We go about our daily routines using products where our trust in their reliability means that we are betting our lives on them. Planes, cars, surgical equipment (etc.), the way they’ve arrived at this level of trust is rigorous testing. Producers of these products and services have perfected testing in two ways: first, the ability to simulate the real-life application of the product. Second, the use of extensive testing platforms that allow for replicating and testing every scenario.
Telecom testing processes today are, unfortunately, not at that “bet-my-life” level. Labs are a limited replica of production. Test validation processes are highly manual, costly, and slow. Network slicing promises to address the former to some degree. However, the processes that achieve full automation of network functions and service orchestration while maintaining true network resource isolation have yet to attain enough maturity to address the challenge in the short term.

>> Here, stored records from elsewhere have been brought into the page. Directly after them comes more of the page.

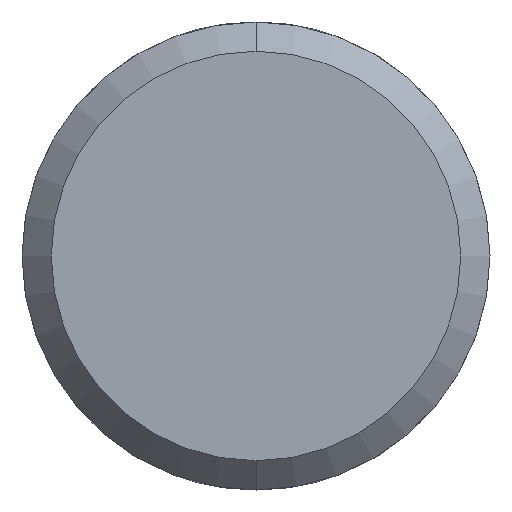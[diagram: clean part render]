
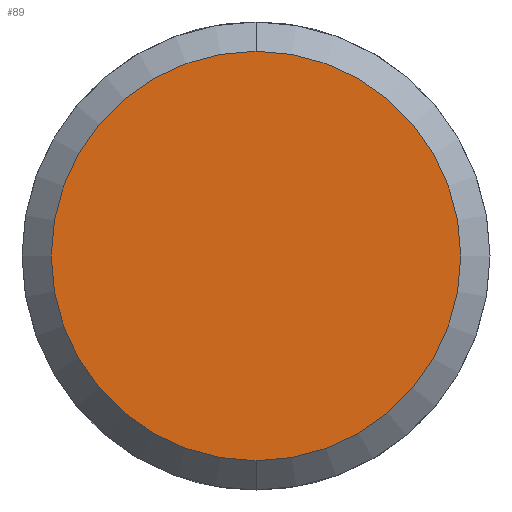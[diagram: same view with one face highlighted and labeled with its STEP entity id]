
A CAD part, front view. The second image highlights one B-rep face of the part: STEP entity #89.
In plain terms, the highlighted planar face has unit normal (0, -1, 0).
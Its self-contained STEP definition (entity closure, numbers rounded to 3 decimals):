
#33 = FACE_OUTER_BOUND ( 'NONE', #59, .T. ) ;
#37 = DIRECTION ( 'NONE',  ( 0., 0., 1. ) ) ;
#38 = DIRECTION ( 'NONE',  ( 0., -1., 0. ) ) ;
#39 = CARTESIAN_POINT ( 'NONE',  ( 0., 0., 0. ) ) ;
#40 = AXIS2_PLACEMENT_3D ( 'NONE', #39, #38, #37 ) ;
#41 = AXIS2_PLACEMENT_3D ( 'NONE', #161, #160, #159 ) ;
#44 = CARTESIAN_POINT ( 'NONE',  ( 0., 0., 3.5 ) ) ;
#46 = CARTESIAN_POINT ( 'NONE',  ( 0., 0., -3.5 ) ) ;
#59 = EDGE_LOOP ( 'NONE', ( #91, #90 ) ) ;
#65 = EDGE_CURVE ( 'NONE', #66, #67, #114, .T. ) ;
#66 = VERTEX_POINT ( 'NONE', #46 ) ;
#67 = VERTEX_POINT ( 'NONE', #44 ) ;
#89 = ADVANCED_FACE ( 'NONE', ( #33 ), #170, .F. ) ;
#90 = ORIENTED_EDGE ( 'NONE', *, *, #65, .T. ) ;
#91 = ORIENTED_EDGE ( 'NONE', *, *, #93, .T. ) ;
#93 = EDGE_CURVE ( 'NONE', #67, #66, #171, .T. ) ;
#114 = CIRCLE ( 'NONE', #40, 3.5 ) ;
#155 = DIRECTION ( 'NONE',  ( 0., 0., 1. ) ) ;
#156 = DIRECTION ( 'NONE',  ( 0., -1., 0. ) ) ;
#157 = CARTESIAN_POINT ( 'NONE',  ( 0., 0., 0. ) ) ;
#159 = DIRECTION ( 'NONE',  ( 0., 0., 1. ) ) ;
#160 = DIRECTION ( 'NONE',  ( 0., 1., 0. ) ) ;
#161 = CARTESIAN_POINT ( 'NONE',  ( 0., 0., 0. ) ) ;
#162 = AXIS2_PLACEMENT_3D ( 'NONE', #157, #156, #155 ) ;
#170 = PLANE ( 'NONE',  #41 ) ;
#171 = CIRCLE ( 'NONE', #162, 3.5 ) ;
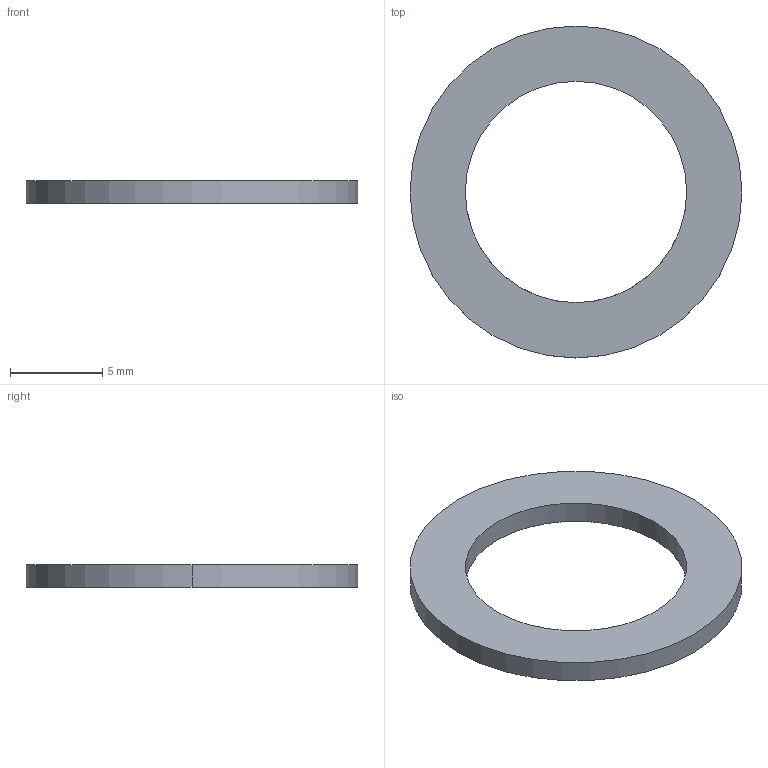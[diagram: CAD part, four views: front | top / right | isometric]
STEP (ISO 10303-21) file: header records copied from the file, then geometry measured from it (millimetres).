
FILE_DESCRIPTION(('CATIA V5 STEP Exchange','CAx-IF Rec.Pracs.--- Model Styling and Organization---1.2---2011-12-15'),'2;1');
FILE_NAME ('D1459006_0_1913320000_1913320000.stp','2017-10-10T08:54:24+00:00',('none'),('Weidmueller'),'CATIA Version 5-6 Release 2014','CATIA V5 STEP AP214','none');
FILE_SCHEMA(('AUTOMOTIVE_DESIGN { 1 0 10303 214 1 1 1 1 }'));
Length unit declared in the file: millimetre
Products named in the file (1): 1913320000_GWDR_M12-NP
Bounding box: 18 x 18 x 1.2 mm (x, y, z)
Volume: 169.6 mm3; surface area: 395.8 mm2
Topology: 1 solids, 1 shells, 6 faces, 12 edges, 8 vertices
Faces by surface type: cylinder 4, plane 2
Entity records: 193 total; most frequent: CARTESIAN_POINT 41, ORIENTED_EDGE 24, DIRECTION 23, AXIS2_PLACEMENT_3D 14, EDGE_CURVE 12, EDGE_LOOP 8, VERTEX_POINT 8, CIRCLE 7
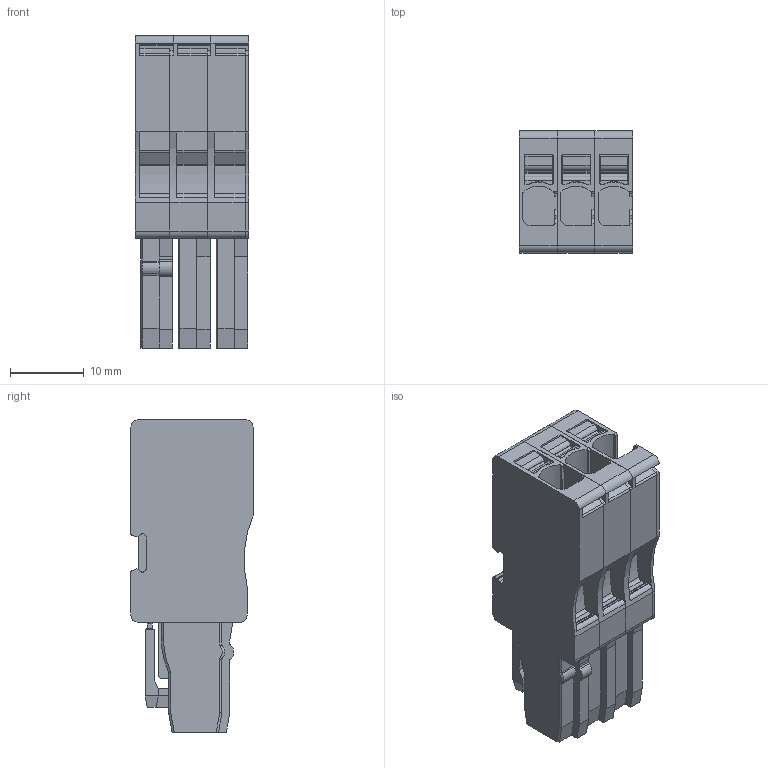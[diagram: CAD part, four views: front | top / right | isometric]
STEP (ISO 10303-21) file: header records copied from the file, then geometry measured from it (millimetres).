
FILE_DESCRIPTION(('CATIA V5R24 STEP','CAx-IF Rec.Pracs.--- Model Styling and Organization---1.2---2011-12-15'),'2;1');
FILE_NAME ('8655148_2', '2017-07-04T06:58:28+00:00', ('Weidmueller Interface'), ('Weidmueller'), 'CATIA Version 5-6 Release 2014 SP4 HF52', 'CATIA V5 STEP AP214', 'none');
FILE_SCHEMA(('AUTOMOTIVE_DESIGN { 1 0 10303 214 1 1 1 1 }'));
Length unit declared in the file: millimetre
Products named in the file (1): 1513820000_APG_2-5_3_BG_BL_GN
Bounding box: 15.3 x 16.5 x 42.25 mm (x, y, z)
Volume: 7281.8 mm3; surface area: 7301.6 mm2
Topology: 7 solids, 7 shells, 1098 faces, 2974 edges, 1931 vertices
Faces by surface type: plane 555, cylinder 386, cone 62, torus 56, extrusion 39
Entity records: 35778 total; most frequent: CARTESIAN_POINT 7898, ORIENTED_EDGE 5948, DIRECTION 4707, EDGE_CURVE 2974, VECTOR 1998, LINE 1959, VERTEX_POINT 1931, AXIS2_PLACEMENT_3D 1761
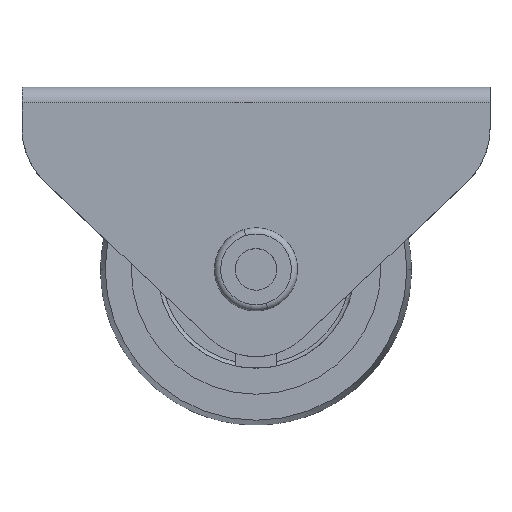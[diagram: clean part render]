
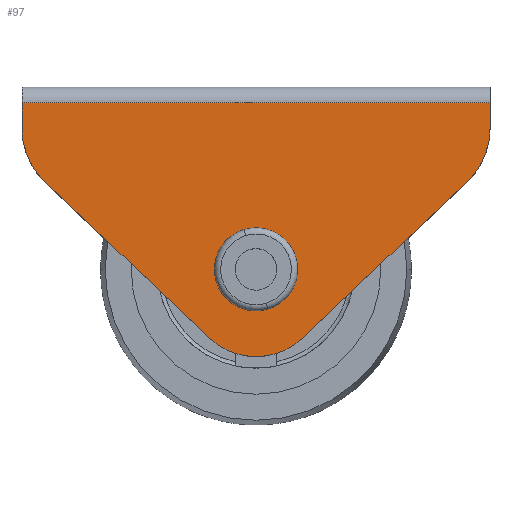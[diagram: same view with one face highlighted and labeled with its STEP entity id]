
A CAD part, top view. The second image highlights one B-rep face of the part: STEP entity #97.
In plain terms, the highlighted planar face has unit normal (0, 0, 1).
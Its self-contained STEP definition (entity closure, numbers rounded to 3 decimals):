
#97=ADVANCED_FACE('',(#233,#234),#235,.T.);
#233=FACE_OUTER_BOUND('',#502,.T.);
#234=FACE_BOUND('',#503,.T.);
#235=PLANE('',#504);
#502=EDGE_LOOP('',(#816,#817,#818,#819,#820,#821,#822,#823));
#503=EDGE_LOOP('',(#824,#825));
#504=AXIS2_PLACEMENT_3D('',#826,#827,#828);
#816=ORIENTED_EDGE('',*,*,#1833,.T.);
#817=ORIENTED_EDGE('',*,*,#1834,.T.);
#818=ORIENTED_EDGE('',*,*,#1835,.T.);
#819=ORIENTED_EDGE('',*,*,#1836,.T.);
#820=ORIENTED_EDGE('',*,*,#1837,.T.);
#821=ORIENTED_EDGE('',*,*,#1838,.T.);
#822=ORIENTED_EDGE('',*,*,#1839,.T.);
#823=ORIENTED_EDGE('',*,*,#1840,.T.);
#824=ORIENTED_EDGE('',*,*,#1841,.F.);
#825=ORIENTED_EDGE('',*,*,#1800,.F.);
#826=CARTESIAN_POINT('',(17.5,8.071,9.5));
#827=DIRECTION('',(0.0,0.,1.0));
#828=DIRECTION('',(0.0,-1.0,0.));
#1800=EDGE_CURVE('',#2135,#2137,#2138,.T.);
#1833=EDGE_CURVE('',#2199,#2200,#2201,.T.);
#1834=EDGE_CURVE('',#2200,#2202,#2203,.T.);
#1835=EDGE_CURVE('',#2202,#2204,#2205,.T.);
#1836=EDGE_CURVE('',#2204,#2206,#2207,.T.);
#1837=EDGE_CURVE('',#2206,#2208,#2209,.T.);
#1838=EDGE_CURVE('',#2208,#2210,#2211,.T.);
#1839=EDGE_CURVE('',#2210,#2212,#2213,.T.);
#1840=EDGE_CURVE('',#2212,#2199,#2214,.T.);
#1841=EDGE_CURVE('',#2137,#2135,#2215,.T.);
#2135=VERTEX_POINT('',#2686);
#2137=VERTEX_POINT('',#2689);
#2138=CIRCLE('',#2690,2.5);
#2199=VERTEX_POINT('',#2769);
#2200=VERTEX_POINT('',#2770);
#2201=LINE('',#2771,#2772);
#2202=VERTEX_POINT('',#2773);
#2203=CIRCLE('',#2774,7.0);
#2204=VERTEX_POINT('',#2775);
#2205=LINE('',#2776,#2777);
#2206=VERTEX_POINT('',#2778);
#2207=LINE('',#2779,#2780);
#2208=VERTEX_POINT('',#2781);
#2209=LINE('',#2782,#2783);
#2210=VERTEX_POINT('',#2784);
#2211=CIRCLE('',#2785,7.0);
#2212=VERTEX_POINT('',#2786);
#2213=LINE('',#2787,#2788);
#2214=CIRCLE('',#2789,6.5);
#2215=CIRCLE('',#2790,2.5);
#2686=CARTESIAN_POINT('',(-2.5,-17.529,9.5));
#2689=CARTESIAN_POINT('',(2.5,-17.529,9.5));
#2690=AXIS2_PLACEMENT_3D('',#3542,#3543,#3544);
#2769=CARTESIAN_POINT('',(4.479,-24.14,9.5));
#2770=CARTESIAN_POINT('',(20.324,-9.073,9.5));
#2771=CARTESIAN_POINT('',(20.324,-9.073,9.5));
#2772=VECTOR('',#3605,1000.0);
#2773=CARTESIAN_POINT('',(22.5,-4.,9.5));
#2774=AXIS2_PLACEMENT_3D('',#3606,#3607,#3608);
#2775=CARTESIAN_POINT('',(22.5,-1.5,9.5));
#2776=CARTESIAN_POINT('',(22.5,5.071,9.5));
#2777=VECTOR('',#3609,1000.0);
#2778=CARTESIAN_POINT('',(-22.5,-1.5,9.5));
#2779=CARTESIAN_POINT('',(17.5,-1.5,9.5));
#2780=VECTOR('',#3610,1000.0);
#2781=CARTESIAN_POINT('',(-22.5,-4.0,9.5));
#2782=CARTESIAN_POINT('',(-22.5,42.071,9.5));
#2783=VECTOR('',#3611,1000.0);
#2784=CARTESIAN_POINT('',(-20.324,-9.073,9.5));
#2785=AXIS2_PLACEMENT_3D('',#3612,#3613,#3614);
#2786=CARTESIAN_POINT('',(-4.479,-24.14,9.5));
#2787=CARTESIAN_POINT('',(-20.324,-9.073,9.5));
#2788=VECTOR('',#3615,1000.0);
#2789=AXIS2_PLACEMENT_3D('',#3616,#3617,#3618);
#2790=AXIS2_PLACEMENT_3D('',#3619,#3620,#3621);
#3542=CARTESIAN_POINT('',(0.,-17.529,9.5));
#3543=DIRECTION('',(0.0,0.0,1.0));
#3544=DIRECTION('',(1.0,0.0,0.0));
#3605=DIRECTION('',(0.725,0.689,-0.0));
#3606=CARTESIAN_POINT('',(15.5,-4.,9.5));
#3607=DIRECTION('',(0.0,0.0,1.0));
#3608=DIRECTION('',(-1.0,0.0,0.0));
#3609=DIRECTION('',(-0.0,1.0,0.));
#3610=DIRECTION('',(-1.0,-0.0,0.0));
#3611=DIRECTION('',(0.,-1.0,0.));
#3612=CARTESIAN_POINT('',(-15.5,-4.0,9.5));
#3613=DIRECTION('',(0.0,0.0,1.0));
#3614=DIRECTION('',(1.0,0.0,0.0));
#3615=DIRECTION('',(0.725,-0.689,0.0));
#3616=CARTESIAN_POINT('',(0.,-19.429,9.5));
#3617=DIRECTION('',(0.0,0.0,1.0));
#3618=DIRECTION('',(1.0,0.0,0.0));
#3619=CARTESIAN_POINT('',(0.,-17.529,9.5));
#3620=DIRECTION('',(0.0,0.0,1.0));
#3621=DIRECTION('',(1.0,0.0,0.0));

But there is hope. The technology already exists to solve for much of this. The first step is the creation of production service replication in test-beds automatically, on-demand, including decommissioning once the service is verified. This, first and foremost, is dependent on CI/CD pipelines that not only automate DevOps processes but integrate detailed testing pipelines through, what we call, Continuous Testing and Continuous Validation (CT/CV) pipelines. The CT/CV pipeline is an end-to-end test automation framework that includes: classifying the service call flow patterns through implementing machine learning, closing the loop on test execution, and allowing for an exponential increase in the level of detectable call flow variations that is virtually independent of any human intervention.
What we know from the millions of call-flows we have processed, is that lab and production traffic can be similar, meaning that the resulting insights are highly portable. By creating the right test batteries, combined with the automated network replication processes mentioned earlier, including CT/CV, our pre-production certification process not only produced much more reliable network functions and services but our Machine Learning (ML) models trained to recognize call flows in pre-production were reused in production.
The results of the business are impressive. Applying preventive measures before production rollout means that the quality of the software is at a much higher level than before, reducing the number of consumers impacting events down the road.
If we plan to open up our networks to innovations from third-party developers and performance-sensitive applications, we would have to begin our journey towards uncompromised quality before services hit the consumers. Consumers cannot be guinea pigs; we have machines for that.